TASK DIRECTIONS: Once you find a line containing the word "tall" in the entries below, copy it.

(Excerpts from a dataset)
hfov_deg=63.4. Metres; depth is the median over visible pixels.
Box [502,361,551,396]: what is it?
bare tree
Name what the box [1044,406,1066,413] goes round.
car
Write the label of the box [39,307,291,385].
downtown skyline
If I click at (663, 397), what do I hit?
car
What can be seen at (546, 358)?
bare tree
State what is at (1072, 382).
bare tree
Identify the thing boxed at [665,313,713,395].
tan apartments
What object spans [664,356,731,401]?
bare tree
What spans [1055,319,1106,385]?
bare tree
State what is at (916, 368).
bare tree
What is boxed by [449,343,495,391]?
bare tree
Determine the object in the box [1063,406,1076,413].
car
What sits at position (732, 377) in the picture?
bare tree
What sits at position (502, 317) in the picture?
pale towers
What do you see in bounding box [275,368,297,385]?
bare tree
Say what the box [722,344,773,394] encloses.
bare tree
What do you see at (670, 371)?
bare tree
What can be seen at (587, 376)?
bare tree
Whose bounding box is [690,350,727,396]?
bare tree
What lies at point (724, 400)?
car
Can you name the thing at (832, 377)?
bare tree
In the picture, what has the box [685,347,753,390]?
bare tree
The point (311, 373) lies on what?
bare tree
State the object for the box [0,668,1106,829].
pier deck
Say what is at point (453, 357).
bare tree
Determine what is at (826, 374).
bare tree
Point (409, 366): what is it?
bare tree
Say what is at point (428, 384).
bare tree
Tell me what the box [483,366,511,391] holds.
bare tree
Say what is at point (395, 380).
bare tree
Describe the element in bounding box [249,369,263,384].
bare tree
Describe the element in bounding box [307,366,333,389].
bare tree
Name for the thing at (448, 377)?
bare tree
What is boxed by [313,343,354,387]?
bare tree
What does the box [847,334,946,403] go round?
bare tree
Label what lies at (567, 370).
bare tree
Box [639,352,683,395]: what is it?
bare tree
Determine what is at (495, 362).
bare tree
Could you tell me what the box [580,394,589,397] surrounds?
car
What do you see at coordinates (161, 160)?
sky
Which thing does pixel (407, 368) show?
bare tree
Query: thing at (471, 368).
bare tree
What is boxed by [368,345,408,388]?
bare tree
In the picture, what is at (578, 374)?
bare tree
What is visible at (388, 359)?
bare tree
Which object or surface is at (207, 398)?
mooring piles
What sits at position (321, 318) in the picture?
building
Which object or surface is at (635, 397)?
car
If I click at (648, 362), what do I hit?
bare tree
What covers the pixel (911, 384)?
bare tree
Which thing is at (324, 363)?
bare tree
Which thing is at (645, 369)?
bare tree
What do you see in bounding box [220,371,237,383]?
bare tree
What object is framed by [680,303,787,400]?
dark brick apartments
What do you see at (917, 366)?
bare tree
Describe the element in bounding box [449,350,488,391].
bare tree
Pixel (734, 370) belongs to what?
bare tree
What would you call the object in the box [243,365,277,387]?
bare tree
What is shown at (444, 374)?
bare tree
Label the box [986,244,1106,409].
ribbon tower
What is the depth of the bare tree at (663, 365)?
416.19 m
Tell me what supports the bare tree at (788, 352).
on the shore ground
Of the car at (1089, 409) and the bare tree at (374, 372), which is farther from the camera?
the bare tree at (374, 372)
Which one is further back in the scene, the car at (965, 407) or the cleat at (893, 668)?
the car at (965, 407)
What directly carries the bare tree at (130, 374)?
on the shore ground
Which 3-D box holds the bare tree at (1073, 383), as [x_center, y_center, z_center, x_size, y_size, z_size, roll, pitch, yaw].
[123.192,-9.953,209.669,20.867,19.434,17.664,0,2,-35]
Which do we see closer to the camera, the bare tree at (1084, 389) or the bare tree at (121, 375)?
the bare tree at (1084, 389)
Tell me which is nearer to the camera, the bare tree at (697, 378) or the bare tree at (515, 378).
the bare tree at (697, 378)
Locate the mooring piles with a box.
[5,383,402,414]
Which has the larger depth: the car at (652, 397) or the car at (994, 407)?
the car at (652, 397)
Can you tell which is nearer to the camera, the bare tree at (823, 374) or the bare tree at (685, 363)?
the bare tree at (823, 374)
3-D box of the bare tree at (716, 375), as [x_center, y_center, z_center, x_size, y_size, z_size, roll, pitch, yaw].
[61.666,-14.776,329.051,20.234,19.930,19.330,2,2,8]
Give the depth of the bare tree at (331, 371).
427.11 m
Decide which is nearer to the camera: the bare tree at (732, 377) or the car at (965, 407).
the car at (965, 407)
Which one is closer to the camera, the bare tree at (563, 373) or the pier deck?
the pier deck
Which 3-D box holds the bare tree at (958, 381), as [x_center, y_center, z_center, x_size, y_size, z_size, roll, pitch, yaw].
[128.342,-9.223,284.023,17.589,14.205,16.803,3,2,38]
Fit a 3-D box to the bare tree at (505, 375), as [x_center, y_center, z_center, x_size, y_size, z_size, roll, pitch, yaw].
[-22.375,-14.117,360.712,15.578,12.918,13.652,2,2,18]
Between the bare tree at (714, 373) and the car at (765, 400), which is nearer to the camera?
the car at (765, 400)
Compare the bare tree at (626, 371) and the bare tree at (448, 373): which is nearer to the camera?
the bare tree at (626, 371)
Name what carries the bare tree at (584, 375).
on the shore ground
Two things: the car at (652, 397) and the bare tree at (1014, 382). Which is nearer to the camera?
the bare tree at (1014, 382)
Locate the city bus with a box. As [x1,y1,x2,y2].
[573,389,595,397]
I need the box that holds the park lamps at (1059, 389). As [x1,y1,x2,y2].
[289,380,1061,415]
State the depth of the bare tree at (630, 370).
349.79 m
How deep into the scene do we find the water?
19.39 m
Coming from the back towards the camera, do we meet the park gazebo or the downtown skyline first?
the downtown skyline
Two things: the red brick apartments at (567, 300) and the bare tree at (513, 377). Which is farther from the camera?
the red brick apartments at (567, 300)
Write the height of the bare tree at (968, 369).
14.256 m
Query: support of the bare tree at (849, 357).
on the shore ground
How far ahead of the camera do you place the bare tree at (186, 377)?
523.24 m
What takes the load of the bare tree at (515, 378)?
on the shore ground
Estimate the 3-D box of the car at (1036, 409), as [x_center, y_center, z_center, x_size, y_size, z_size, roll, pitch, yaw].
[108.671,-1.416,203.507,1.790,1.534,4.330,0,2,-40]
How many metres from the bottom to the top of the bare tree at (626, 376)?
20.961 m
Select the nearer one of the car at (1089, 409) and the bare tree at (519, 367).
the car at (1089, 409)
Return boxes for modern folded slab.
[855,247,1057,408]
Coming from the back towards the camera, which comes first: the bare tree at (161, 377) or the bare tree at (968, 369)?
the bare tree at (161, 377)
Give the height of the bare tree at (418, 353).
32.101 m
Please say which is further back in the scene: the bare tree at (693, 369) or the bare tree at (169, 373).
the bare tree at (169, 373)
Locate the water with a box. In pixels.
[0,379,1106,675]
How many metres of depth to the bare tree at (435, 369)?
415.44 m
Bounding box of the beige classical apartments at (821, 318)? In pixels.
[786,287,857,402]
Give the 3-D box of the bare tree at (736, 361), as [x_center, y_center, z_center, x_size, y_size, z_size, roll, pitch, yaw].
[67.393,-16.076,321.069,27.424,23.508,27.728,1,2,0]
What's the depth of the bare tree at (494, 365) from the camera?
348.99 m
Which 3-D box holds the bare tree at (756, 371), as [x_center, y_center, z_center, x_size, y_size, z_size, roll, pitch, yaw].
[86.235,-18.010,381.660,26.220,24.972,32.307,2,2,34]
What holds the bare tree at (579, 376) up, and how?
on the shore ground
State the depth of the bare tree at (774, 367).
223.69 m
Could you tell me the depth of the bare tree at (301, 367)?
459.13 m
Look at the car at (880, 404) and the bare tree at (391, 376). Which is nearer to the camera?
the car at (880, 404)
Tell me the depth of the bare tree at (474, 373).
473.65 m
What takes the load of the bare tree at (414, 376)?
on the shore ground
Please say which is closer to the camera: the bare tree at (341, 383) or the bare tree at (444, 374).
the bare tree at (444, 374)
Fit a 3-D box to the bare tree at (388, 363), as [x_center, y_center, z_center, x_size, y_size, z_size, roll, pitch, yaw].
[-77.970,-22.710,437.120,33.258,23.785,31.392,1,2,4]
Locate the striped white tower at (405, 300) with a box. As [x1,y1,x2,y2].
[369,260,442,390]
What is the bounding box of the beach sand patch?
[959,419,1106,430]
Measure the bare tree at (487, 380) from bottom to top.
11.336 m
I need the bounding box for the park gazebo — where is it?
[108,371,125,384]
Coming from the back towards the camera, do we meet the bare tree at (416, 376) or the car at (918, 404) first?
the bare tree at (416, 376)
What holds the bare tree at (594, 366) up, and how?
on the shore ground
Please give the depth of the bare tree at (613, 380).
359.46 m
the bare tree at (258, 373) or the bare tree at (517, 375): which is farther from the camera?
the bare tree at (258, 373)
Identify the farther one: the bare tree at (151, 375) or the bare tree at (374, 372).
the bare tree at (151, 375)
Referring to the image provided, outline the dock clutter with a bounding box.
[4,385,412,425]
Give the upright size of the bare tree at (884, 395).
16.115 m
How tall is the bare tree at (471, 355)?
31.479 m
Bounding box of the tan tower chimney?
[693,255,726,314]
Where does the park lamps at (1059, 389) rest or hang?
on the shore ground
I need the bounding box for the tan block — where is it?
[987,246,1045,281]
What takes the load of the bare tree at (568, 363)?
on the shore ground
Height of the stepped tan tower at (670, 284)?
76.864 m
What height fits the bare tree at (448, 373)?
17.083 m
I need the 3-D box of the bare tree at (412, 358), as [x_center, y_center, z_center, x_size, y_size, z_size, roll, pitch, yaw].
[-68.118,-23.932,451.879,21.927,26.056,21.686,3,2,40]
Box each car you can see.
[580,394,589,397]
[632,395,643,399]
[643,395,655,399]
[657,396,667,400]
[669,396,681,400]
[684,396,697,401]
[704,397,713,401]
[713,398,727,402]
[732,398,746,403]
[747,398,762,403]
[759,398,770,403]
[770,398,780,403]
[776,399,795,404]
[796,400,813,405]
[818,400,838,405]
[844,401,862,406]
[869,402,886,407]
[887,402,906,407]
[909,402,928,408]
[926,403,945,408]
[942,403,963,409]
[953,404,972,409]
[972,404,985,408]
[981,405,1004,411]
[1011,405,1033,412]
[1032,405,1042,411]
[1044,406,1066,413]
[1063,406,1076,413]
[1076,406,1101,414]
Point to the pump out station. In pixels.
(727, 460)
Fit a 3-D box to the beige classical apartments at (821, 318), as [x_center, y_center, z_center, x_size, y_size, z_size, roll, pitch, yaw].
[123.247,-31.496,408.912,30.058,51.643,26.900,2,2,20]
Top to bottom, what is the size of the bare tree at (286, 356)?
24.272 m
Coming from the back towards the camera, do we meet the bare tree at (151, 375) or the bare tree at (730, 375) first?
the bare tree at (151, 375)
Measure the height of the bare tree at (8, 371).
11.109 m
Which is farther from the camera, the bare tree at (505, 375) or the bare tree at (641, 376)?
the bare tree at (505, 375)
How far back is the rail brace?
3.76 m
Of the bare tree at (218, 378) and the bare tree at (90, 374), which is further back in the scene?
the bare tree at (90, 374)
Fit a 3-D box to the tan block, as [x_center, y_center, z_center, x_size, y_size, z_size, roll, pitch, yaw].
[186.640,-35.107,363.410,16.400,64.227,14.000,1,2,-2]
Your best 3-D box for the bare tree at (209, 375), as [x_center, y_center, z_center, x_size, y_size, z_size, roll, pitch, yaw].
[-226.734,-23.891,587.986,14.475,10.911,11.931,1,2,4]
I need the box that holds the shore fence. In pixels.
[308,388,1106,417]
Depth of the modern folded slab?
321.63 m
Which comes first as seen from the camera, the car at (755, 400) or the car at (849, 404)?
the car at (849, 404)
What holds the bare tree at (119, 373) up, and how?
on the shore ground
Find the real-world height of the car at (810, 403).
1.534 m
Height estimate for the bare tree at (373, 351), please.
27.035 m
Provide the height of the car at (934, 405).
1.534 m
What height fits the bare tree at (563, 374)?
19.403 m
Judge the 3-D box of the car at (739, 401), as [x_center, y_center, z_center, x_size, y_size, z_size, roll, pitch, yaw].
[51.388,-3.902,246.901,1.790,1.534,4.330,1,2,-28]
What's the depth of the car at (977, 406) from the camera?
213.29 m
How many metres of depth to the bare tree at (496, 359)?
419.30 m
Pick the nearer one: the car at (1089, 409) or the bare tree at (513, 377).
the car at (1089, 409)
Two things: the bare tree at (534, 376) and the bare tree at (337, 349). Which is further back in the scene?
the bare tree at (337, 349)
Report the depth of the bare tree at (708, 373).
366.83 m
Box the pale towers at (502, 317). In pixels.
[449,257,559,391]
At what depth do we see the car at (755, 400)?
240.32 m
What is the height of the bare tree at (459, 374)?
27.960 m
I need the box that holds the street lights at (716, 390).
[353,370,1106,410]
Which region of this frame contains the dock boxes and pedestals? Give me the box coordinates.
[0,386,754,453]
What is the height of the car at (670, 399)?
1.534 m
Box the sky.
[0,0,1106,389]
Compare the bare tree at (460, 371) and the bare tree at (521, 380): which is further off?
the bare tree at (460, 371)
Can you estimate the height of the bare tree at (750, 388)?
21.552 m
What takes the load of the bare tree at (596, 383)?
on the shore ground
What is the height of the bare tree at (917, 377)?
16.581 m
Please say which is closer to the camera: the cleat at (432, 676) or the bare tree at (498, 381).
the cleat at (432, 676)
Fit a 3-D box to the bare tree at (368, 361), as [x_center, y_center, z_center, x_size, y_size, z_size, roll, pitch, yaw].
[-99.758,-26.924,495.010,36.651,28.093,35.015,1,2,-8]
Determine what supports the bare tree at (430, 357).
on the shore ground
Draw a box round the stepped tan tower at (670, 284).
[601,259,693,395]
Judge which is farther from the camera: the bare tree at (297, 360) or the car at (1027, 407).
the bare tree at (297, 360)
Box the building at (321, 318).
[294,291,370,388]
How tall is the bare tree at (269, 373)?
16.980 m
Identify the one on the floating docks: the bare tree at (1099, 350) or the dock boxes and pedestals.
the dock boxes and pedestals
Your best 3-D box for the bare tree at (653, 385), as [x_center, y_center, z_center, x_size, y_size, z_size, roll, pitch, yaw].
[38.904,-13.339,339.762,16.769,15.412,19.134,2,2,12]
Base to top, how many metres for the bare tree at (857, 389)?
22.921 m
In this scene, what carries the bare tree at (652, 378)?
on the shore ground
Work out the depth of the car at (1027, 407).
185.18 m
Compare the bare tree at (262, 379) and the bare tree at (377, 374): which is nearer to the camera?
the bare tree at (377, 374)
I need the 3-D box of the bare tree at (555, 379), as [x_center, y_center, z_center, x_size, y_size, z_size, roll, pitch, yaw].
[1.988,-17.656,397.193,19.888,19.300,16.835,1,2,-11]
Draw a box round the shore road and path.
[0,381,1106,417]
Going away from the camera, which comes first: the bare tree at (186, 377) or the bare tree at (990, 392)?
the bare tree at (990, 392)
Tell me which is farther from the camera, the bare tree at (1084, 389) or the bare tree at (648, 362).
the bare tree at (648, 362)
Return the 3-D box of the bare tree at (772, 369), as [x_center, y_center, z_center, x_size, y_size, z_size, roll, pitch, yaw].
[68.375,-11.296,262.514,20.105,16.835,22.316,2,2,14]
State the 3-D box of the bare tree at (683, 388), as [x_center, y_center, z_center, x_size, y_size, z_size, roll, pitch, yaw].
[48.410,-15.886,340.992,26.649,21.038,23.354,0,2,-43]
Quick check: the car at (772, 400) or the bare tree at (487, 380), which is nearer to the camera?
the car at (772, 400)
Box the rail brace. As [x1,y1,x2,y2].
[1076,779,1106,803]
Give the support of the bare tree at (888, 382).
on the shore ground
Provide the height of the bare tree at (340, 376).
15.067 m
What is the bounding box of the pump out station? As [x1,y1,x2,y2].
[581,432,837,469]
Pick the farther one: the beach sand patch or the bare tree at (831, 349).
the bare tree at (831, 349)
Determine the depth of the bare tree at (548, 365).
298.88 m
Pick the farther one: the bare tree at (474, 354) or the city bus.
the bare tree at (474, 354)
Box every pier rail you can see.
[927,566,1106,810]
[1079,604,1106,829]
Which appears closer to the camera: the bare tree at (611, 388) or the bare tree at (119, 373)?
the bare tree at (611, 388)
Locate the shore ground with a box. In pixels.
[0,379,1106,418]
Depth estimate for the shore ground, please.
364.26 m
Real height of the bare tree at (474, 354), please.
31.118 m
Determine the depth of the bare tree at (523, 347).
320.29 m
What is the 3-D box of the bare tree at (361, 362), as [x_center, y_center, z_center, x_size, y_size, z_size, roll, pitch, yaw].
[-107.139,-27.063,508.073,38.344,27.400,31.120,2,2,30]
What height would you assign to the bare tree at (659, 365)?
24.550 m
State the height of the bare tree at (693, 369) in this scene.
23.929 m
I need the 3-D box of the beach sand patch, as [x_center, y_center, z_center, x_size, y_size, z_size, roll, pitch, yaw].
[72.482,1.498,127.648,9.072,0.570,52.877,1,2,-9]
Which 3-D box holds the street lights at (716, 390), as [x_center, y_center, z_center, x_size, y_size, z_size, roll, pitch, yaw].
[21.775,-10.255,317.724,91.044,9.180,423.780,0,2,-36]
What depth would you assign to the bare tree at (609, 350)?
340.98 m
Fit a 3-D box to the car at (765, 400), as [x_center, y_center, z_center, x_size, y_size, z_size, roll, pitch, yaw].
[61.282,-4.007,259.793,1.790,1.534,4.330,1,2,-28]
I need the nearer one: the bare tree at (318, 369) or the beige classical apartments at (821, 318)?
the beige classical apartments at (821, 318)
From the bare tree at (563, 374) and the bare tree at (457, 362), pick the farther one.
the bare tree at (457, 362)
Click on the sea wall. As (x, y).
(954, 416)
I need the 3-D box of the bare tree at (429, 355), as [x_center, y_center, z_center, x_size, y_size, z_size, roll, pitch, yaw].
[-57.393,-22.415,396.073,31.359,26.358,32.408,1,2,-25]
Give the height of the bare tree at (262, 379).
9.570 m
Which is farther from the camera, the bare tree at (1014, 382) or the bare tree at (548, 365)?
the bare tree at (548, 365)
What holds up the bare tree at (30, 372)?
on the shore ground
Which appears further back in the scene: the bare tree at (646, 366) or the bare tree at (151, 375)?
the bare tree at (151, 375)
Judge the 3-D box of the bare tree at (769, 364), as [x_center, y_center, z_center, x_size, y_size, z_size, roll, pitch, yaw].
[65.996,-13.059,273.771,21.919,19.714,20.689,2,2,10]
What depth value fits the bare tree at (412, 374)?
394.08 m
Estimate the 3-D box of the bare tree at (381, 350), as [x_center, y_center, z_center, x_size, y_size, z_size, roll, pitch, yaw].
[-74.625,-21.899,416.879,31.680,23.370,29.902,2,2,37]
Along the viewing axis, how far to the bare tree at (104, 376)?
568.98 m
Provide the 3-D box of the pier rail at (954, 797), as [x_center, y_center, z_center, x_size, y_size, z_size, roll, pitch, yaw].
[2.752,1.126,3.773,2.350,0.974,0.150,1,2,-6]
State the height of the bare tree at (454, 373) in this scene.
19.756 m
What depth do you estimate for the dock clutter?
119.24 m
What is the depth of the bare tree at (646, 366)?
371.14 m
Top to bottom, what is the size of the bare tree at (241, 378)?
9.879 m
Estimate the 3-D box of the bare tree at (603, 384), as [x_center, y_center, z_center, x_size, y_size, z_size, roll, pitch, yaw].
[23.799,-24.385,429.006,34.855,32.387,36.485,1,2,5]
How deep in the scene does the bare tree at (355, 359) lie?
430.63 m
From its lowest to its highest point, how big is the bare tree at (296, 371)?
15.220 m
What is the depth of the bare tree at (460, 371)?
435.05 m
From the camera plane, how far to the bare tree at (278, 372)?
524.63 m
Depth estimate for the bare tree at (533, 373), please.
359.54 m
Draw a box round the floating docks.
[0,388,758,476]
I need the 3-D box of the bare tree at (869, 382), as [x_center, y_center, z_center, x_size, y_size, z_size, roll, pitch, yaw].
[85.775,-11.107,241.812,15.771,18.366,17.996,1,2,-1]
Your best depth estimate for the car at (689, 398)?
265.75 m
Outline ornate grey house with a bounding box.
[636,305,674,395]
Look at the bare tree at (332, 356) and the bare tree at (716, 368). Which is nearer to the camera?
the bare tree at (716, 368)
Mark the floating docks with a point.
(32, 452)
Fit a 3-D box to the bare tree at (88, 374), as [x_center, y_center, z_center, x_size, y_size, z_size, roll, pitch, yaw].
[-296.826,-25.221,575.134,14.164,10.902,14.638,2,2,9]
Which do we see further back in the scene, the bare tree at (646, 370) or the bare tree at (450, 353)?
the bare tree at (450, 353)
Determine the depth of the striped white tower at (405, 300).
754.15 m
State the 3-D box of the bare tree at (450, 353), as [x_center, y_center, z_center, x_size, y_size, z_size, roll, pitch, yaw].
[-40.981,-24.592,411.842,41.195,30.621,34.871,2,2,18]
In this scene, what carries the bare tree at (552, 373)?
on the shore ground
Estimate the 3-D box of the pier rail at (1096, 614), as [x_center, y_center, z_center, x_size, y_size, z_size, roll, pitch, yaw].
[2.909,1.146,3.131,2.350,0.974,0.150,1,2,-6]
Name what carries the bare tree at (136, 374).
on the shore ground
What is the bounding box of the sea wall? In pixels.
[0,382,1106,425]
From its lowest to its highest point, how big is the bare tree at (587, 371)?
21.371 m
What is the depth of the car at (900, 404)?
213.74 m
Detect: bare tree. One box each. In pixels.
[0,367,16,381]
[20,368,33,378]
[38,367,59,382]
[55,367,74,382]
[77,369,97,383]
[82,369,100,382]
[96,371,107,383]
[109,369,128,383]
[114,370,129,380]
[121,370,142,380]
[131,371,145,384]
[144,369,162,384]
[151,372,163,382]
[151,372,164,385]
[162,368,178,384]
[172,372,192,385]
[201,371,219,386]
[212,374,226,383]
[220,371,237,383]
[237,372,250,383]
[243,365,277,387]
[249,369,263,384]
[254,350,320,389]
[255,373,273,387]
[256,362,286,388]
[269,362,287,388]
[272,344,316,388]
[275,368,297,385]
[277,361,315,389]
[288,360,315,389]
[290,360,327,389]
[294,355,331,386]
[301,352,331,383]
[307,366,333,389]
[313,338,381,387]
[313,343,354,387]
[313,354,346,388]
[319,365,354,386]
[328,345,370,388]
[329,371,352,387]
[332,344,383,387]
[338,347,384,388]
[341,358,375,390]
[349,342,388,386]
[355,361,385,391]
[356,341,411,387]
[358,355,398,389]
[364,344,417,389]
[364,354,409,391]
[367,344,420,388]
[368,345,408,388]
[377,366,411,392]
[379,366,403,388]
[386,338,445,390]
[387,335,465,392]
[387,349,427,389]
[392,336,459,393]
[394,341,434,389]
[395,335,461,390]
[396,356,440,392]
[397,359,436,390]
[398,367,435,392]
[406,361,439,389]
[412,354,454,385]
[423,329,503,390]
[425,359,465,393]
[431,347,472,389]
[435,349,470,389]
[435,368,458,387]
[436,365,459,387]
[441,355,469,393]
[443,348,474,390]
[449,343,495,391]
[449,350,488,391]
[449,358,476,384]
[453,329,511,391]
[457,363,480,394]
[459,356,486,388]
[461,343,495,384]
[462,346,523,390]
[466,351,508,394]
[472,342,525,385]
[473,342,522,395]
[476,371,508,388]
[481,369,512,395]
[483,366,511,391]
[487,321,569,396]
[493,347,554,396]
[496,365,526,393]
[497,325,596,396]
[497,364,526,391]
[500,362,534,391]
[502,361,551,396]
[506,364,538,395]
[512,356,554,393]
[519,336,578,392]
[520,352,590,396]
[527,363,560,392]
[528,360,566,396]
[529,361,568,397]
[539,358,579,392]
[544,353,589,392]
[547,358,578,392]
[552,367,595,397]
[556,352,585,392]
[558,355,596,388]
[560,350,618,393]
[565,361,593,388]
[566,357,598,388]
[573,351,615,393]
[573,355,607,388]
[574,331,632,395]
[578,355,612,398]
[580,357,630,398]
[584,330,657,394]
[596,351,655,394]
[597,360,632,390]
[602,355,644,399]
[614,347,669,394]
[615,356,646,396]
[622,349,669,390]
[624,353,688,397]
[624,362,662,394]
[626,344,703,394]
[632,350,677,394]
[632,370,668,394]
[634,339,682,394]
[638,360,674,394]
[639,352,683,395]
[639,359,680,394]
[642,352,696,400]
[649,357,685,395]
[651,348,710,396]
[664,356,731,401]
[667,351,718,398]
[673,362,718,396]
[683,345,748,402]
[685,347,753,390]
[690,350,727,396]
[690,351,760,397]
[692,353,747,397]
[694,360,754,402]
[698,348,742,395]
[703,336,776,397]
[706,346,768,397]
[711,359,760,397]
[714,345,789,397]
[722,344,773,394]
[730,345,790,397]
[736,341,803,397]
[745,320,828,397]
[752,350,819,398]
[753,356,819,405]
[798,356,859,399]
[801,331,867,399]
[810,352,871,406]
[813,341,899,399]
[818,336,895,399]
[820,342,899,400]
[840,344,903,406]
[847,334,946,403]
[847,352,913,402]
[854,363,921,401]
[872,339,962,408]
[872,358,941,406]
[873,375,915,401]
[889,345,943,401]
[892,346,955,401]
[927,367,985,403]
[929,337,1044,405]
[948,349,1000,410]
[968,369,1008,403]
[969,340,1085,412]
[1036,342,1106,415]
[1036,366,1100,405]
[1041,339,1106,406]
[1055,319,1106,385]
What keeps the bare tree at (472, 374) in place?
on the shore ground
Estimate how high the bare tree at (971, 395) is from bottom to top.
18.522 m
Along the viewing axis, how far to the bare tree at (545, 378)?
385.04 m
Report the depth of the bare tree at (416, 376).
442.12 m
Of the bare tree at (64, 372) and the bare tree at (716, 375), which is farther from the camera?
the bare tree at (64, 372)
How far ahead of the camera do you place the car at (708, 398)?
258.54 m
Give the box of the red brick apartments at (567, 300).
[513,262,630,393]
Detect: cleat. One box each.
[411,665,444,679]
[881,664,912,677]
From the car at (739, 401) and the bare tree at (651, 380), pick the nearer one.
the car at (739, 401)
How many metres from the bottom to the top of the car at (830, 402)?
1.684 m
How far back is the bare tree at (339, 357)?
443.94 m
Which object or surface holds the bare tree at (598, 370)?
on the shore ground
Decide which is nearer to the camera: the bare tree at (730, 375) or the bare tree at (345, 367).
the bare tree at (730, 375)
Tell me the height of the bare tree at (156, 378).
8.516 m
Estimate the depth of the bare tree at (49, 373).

TASK ANSWER:
How tall is the bare tree at (471, 355)?
How tall is the bare tree at (269, 373)?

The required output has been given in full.